Null Hypothesis: Mean Airbnb rental price for private room = Mean Airbnb rental price for shared room Alternative Hypothesis: Mean Airbnb rental price for private room > Mean Airbnb rental price for shared room
airbnb_private_room <- airbnb %>%
subset(room_type == "Private room" ,na.rm = TRUE)
airbnb_shared_room <- airbnb%>%
subset(room_type == "Shared room" ,na.rm = TRUE)
#Call the Explore Function and get the Mean, Median, Standard Deviation, and Length.
airbnb_private_room_exp <- explore(airbnb_private_room$price)
airbnb_private_room_exp[1]
## Mean
## 82.3855
airbnb_shared_room_exp <- explore(airbnb_shared_room$price)
airbnb_shared_room_exp[1]
## Mean
## 68.92903
#Calculate the SD, z-score and p-values
sd_private_shared <- sqrt(airbnb_private_room_exp[3]^2/airbnb_private_room_exp[4] +airbnb_shared_room_exp[3]^2/airbnb_shared_room_exp[4])
z_score <- (airbnb_private_room_exp[1]-airbnb_shared_room_exp[1])/sd_private_shared
#z_score
print(paste("z-score", z_score))
## [1] "z-score 3.52298037786318"
print(paste("p-value", 1-pnorm(z_score)))
## [1] "p-value 0.000213361475987051"
Since the P-value is less than the threshold of 0.05, we can reject the Null Hypothesis and accept the Alternate Hypothesis.

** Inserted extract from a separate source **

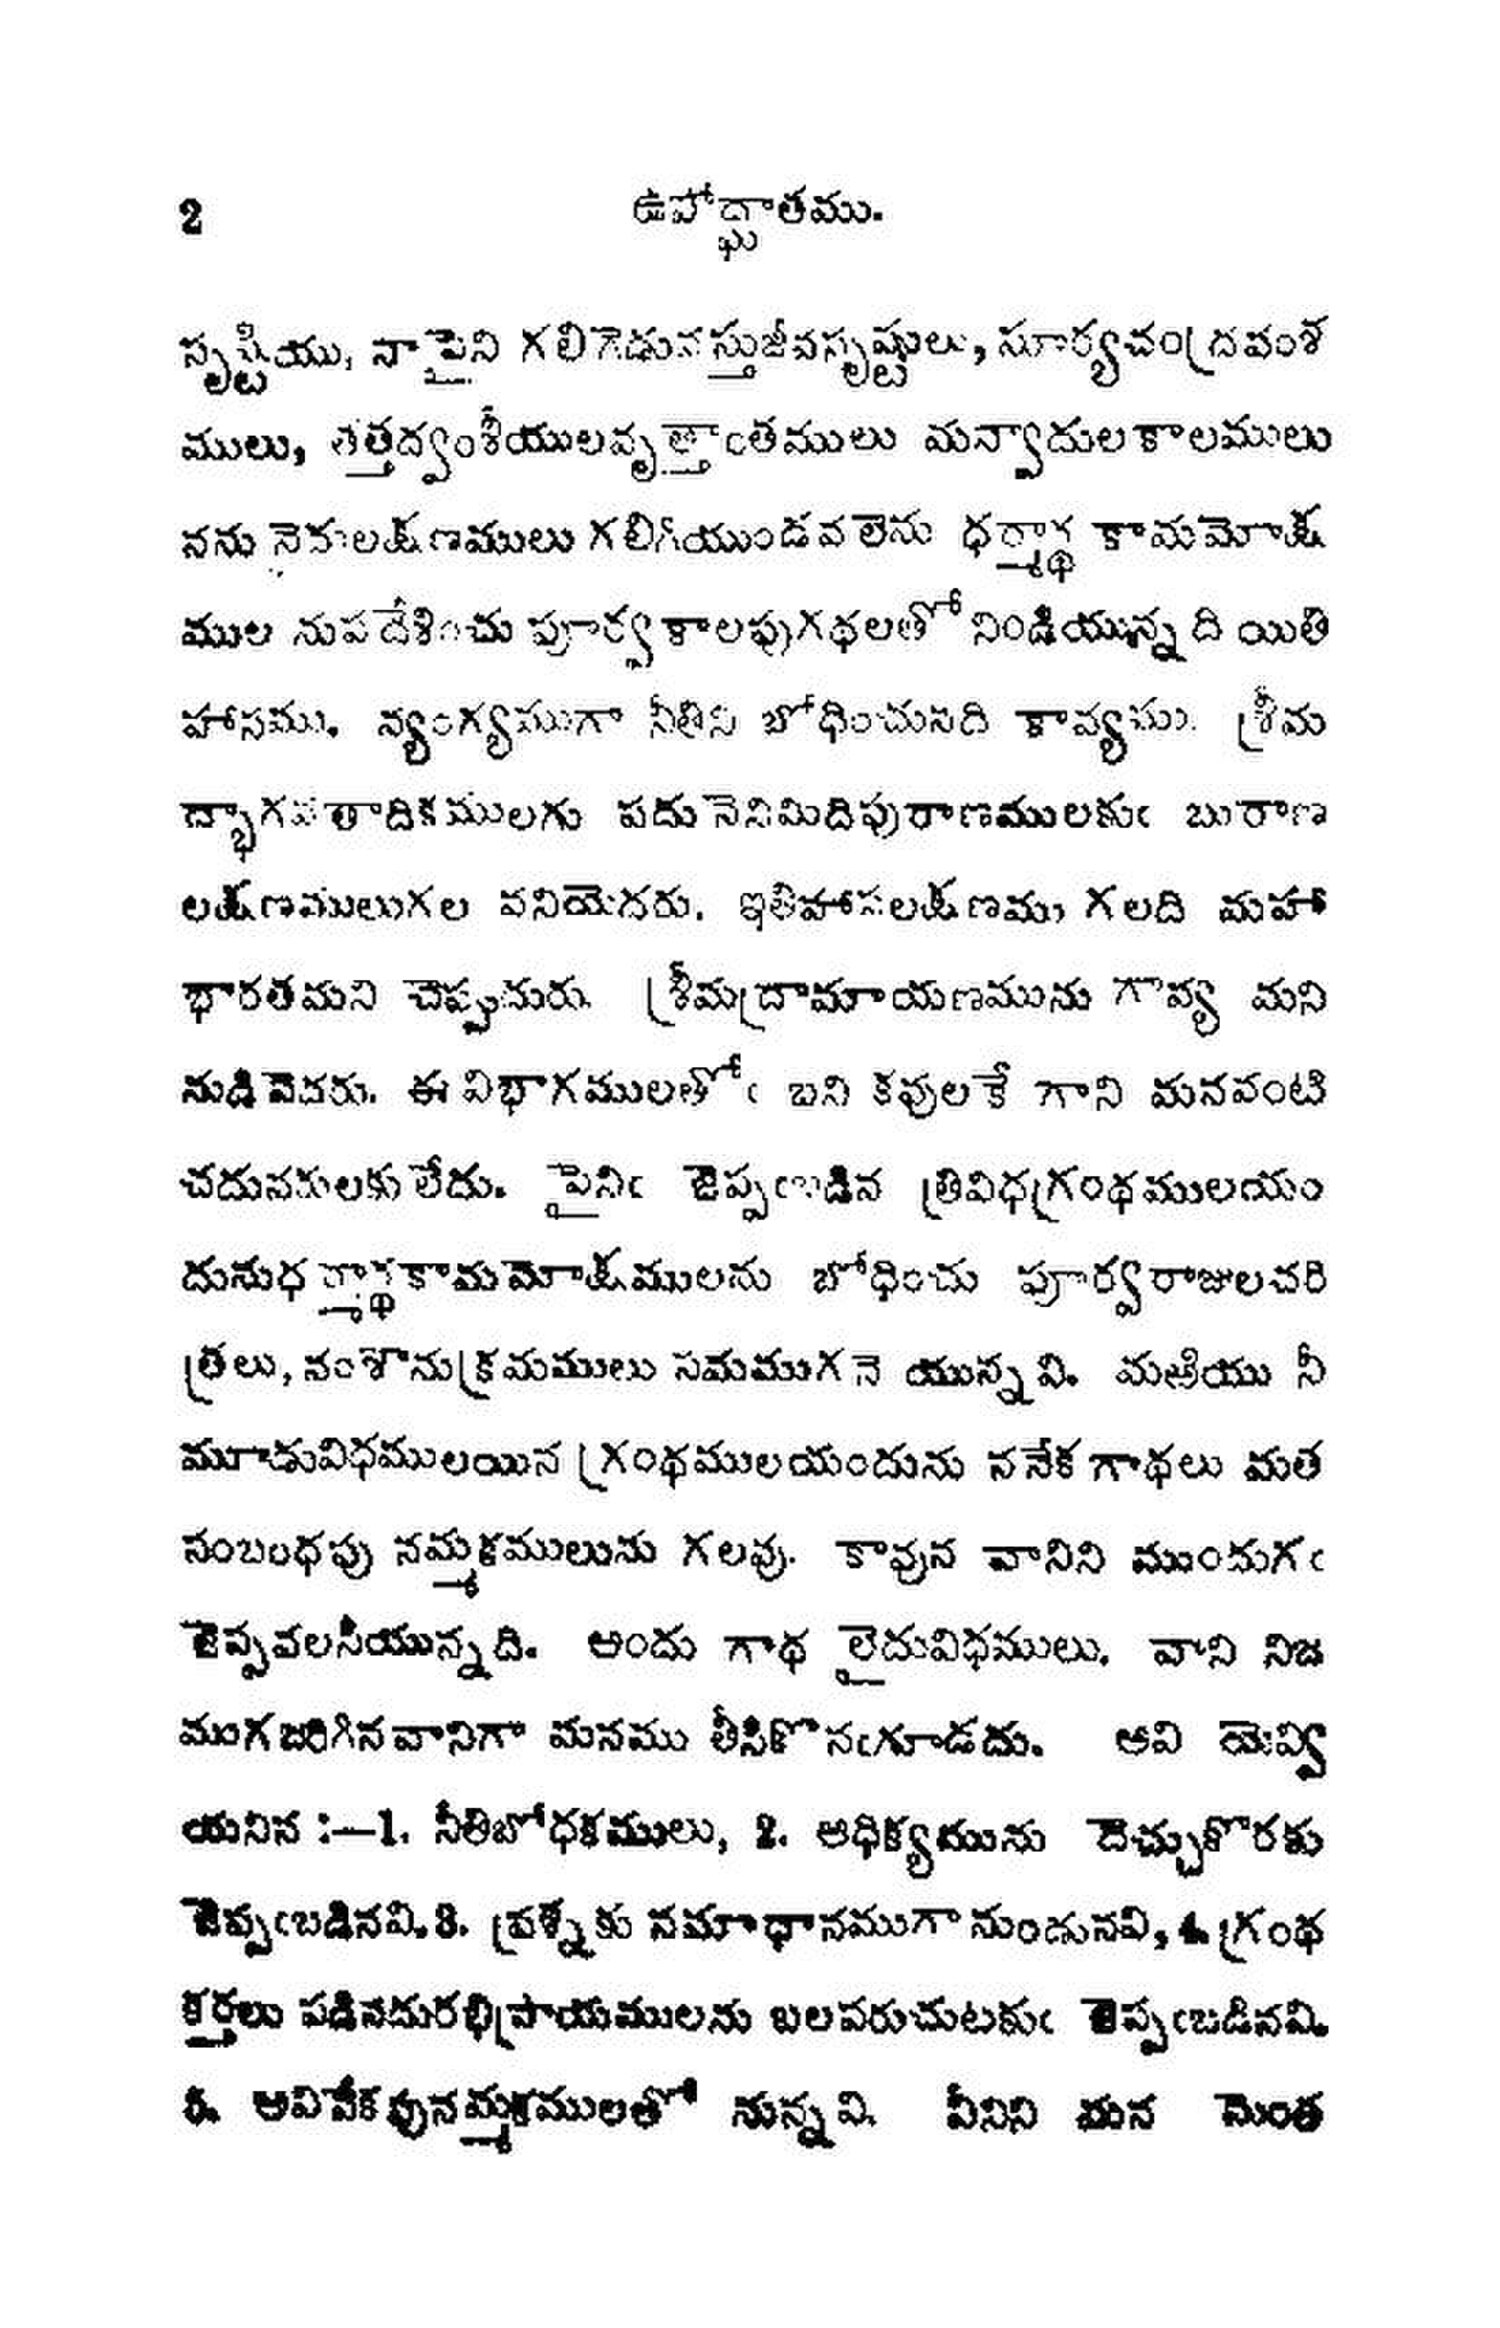సృష్టియు, నాపైని గలిగెడువస్తుజీవసృష్టులు, సూర్యచంద్రవంశములు, తత్తద్వంశీయుల వృత్తాంతములు మన్వాదులకాలములు నను నైదులక్షణములు గలిగియుండవలెను ధర్మార్థ కామమోక్షముల నుపదేశించు పూర్వకాలపుగథలతో నిండియున్నది యితిహాసము, వ్యంగ్యముగా నీతిని బోధించునది కావ్యము. శ్రీమద్భాగవతాదికములగు పదునెనిమిదిపురాణములకుఁ బురాణ
లక్షణములుగల వనియెదరు. ఇతిహాసలక్షణము గలది మహాభారతమని చెప్పుదురు. శ్రీమద్రామాయణమును గావ్య మని నుడివెదరు. ఈ విభాగములతోఁ బని కవులకే గాని మనవంటి
చదువరులకు లేదు. పైనిఁ జెప్పఁబడిన త్రివిధగ్రంథములయందును ధర్మార్థకామమోక్షములను బోధించు పూర్వరాజులచరిత్రలు, వంశానుక్రమములు సమముగనె యున్నవి. మఱియు నీ
మూడువిధములయిన గ్రంథములయందును ననేకగాథలు మత సంబంధపు నమ్మకములును గలవు. కావున వానిని ముందుగఁ జెప్పవలసియున్నది. అందు గాథ లైదువిధములు. వాని నిజముగజరిగినవానిగా మనము తీసికొనఁగూడదు. అవి యెవ్వి యనిన :-1. నీతిబోధకములు, 2. ఆధిక్యమును దెచ్చుకొరకు జెప్పఁబడినవి. 3. ప్రశ్నకు సమాధానముగా నుండునవి, 4. గ్రంథకర్తలు పడినదురభిప్రాయములను బలపరుచుటకుఁ జెప్పఁబడినవి. 5. అవివేకపునమ్మకములతో నున్నవి. వీనిని మన మెంత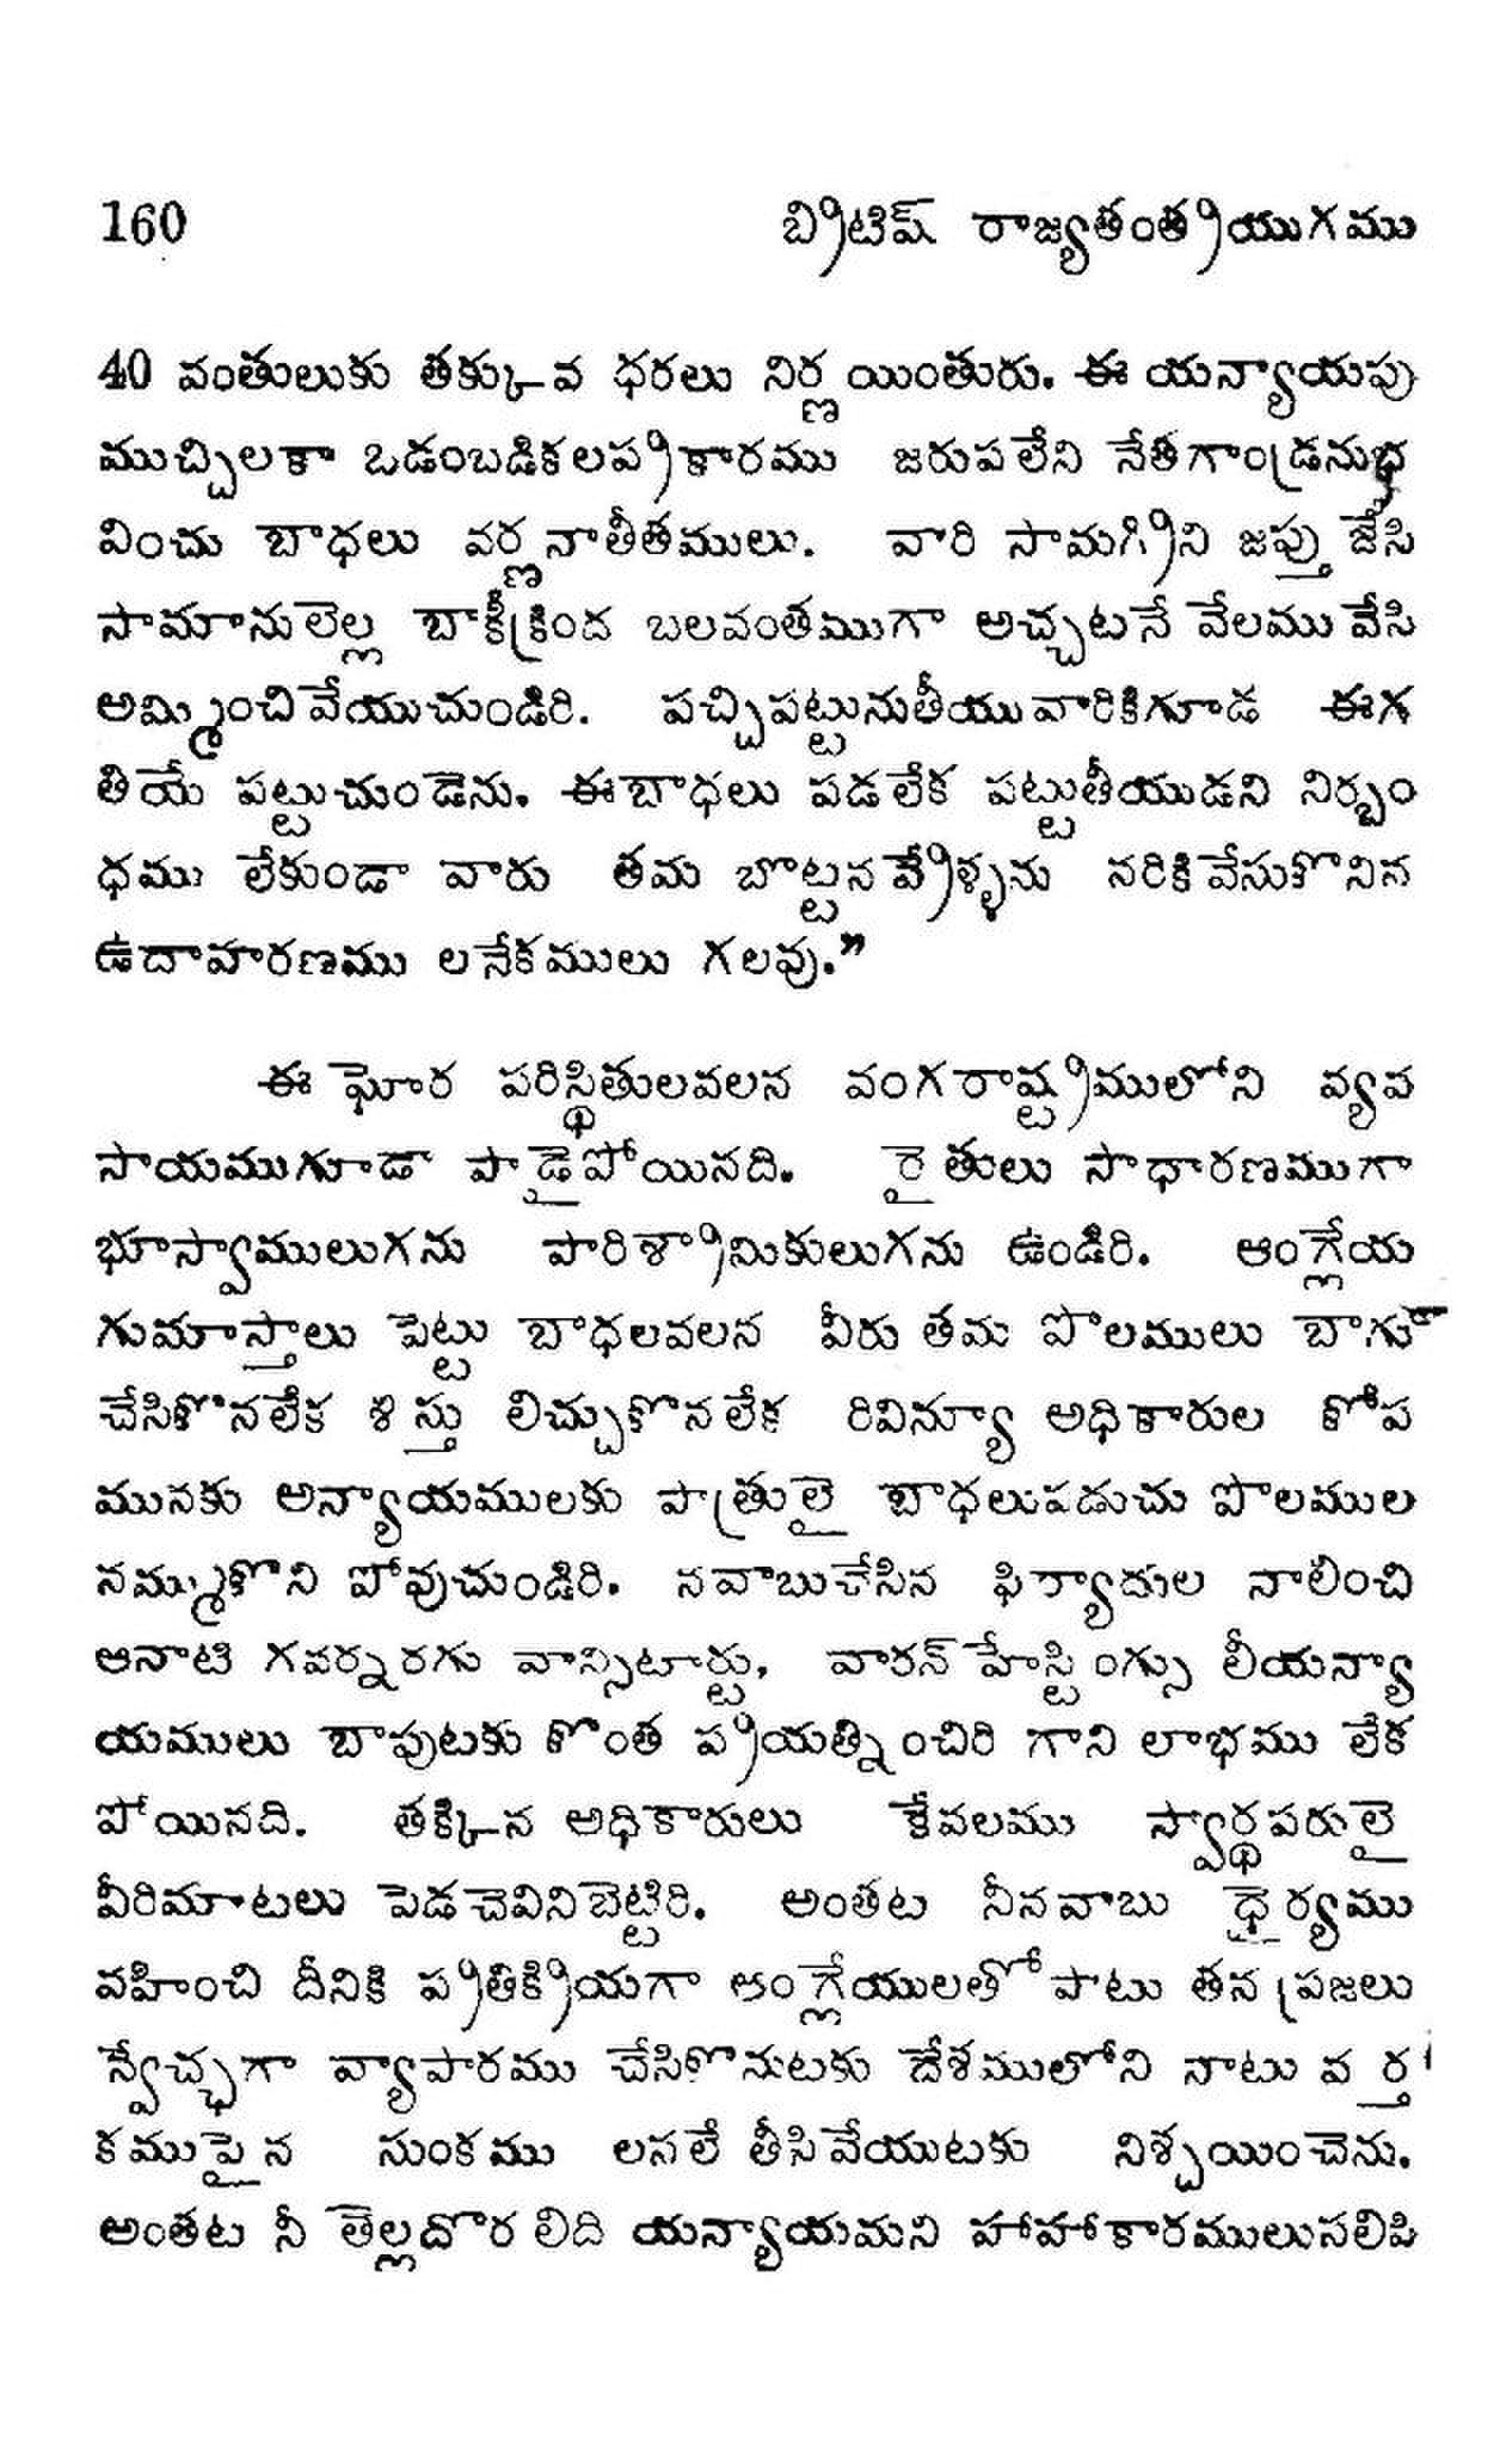40 వంతులుకు తక్కువ ధరలు నిర్ణ యింతురు. ఈ యన్యాయపు ముచ్చిలకా ఒడంబడికలప్రకారము జరుపలేని నేతగాండ్రనుభవించు బాధలు వర్ణనాతీతములు. వారి సామగ్రిని జప్తు జేసి సామానులెల్ల బాకీక్రింద బలవంతముగా అచ్చటనే వేలమువేసి అమ్మించివేయుచుండిరి. పచ్చిపట్టునుతీయువారికిగూడ ఈగతియే పట్టుచుండెను. ఈబాధలు పడలేక పట్టుతీయుడని నిర్బంధము లేకుండా వారు తమ బొట్టనవ్రేళ్ళను నరికివేసుకొనిన ఉదాహరణము లనేకములు గలవు." 

ఈ ఘోర పరిస్థితులవలన వంగరాష్ట్రములోని వ్యవసాయముగూడా పాడైపోయినది. రైతులు సాధారణముగా భూస్వాములుగను పారిశ్రామికులుగను ఉండిరి. ఆంగ్లేయ గుమాస్తాలు పెట్టు బాధలవలన వీరు తమ పొలములు బాగు చేసికొ'నలేక శిస్తు లిచ్చుకొనలేక రివిన్యూ అధికారుల కోపమునకు అన్యాయములకు పాత్రులై బాధలుపడుచు పొలముల నమ్ముకొని పోవుచుండిరి. నవాబుచేసిన ఫిర్యాదుల నాలించి ఆనాటి గవర్నరగు వాన్సిటార్టు, వారన్‌హేస్టింగ్సు లీయన్యాయములు బాపుటకు కొంత ప్రయత్నించిరి గాని లాభము లేక పోయినది. తక్కిన అధికారులు కేవలము స్వార్థపరులై వీరిమాటలు పెడచెవినిబెట్టిరి. అంతట నీనవాబు ధైర్యము వహించి దీనికి ప్రతిక్రియగా ఆంగ్లేయులతో పాటు తన ప్రజలు స్వేచ్చగా వ్యాపారము చేసికొనుటకు దేశములోని నాటు వర్తకము పైన సుంకము లసలే తీసివేయుటకు నిశ్చయించెను. అంతట నీ తెల్లదొర లిది యన్యాయమని హాహాకారములుసలిపి

Filtering out prices greater that $500 as most prices are in the range of $0-$200 and anything beyond 500 should be outliers
airbnb %>%
filter(price <=500) %>%
ggplot(aes(room_type, price, fill = room_type)) +
geom_boxplot() +
xlab("Room Type") +
ylab("Price") +
ggtitle("Price by Room Type") +
theme(plot.title = element_text(hjust = 0.5), legend.position="none")
ggplotly()
The above box plots show that the median price of entire home/apt is greatest and the private room is greater than shared room. However, there are a huge number of outliers in each categories.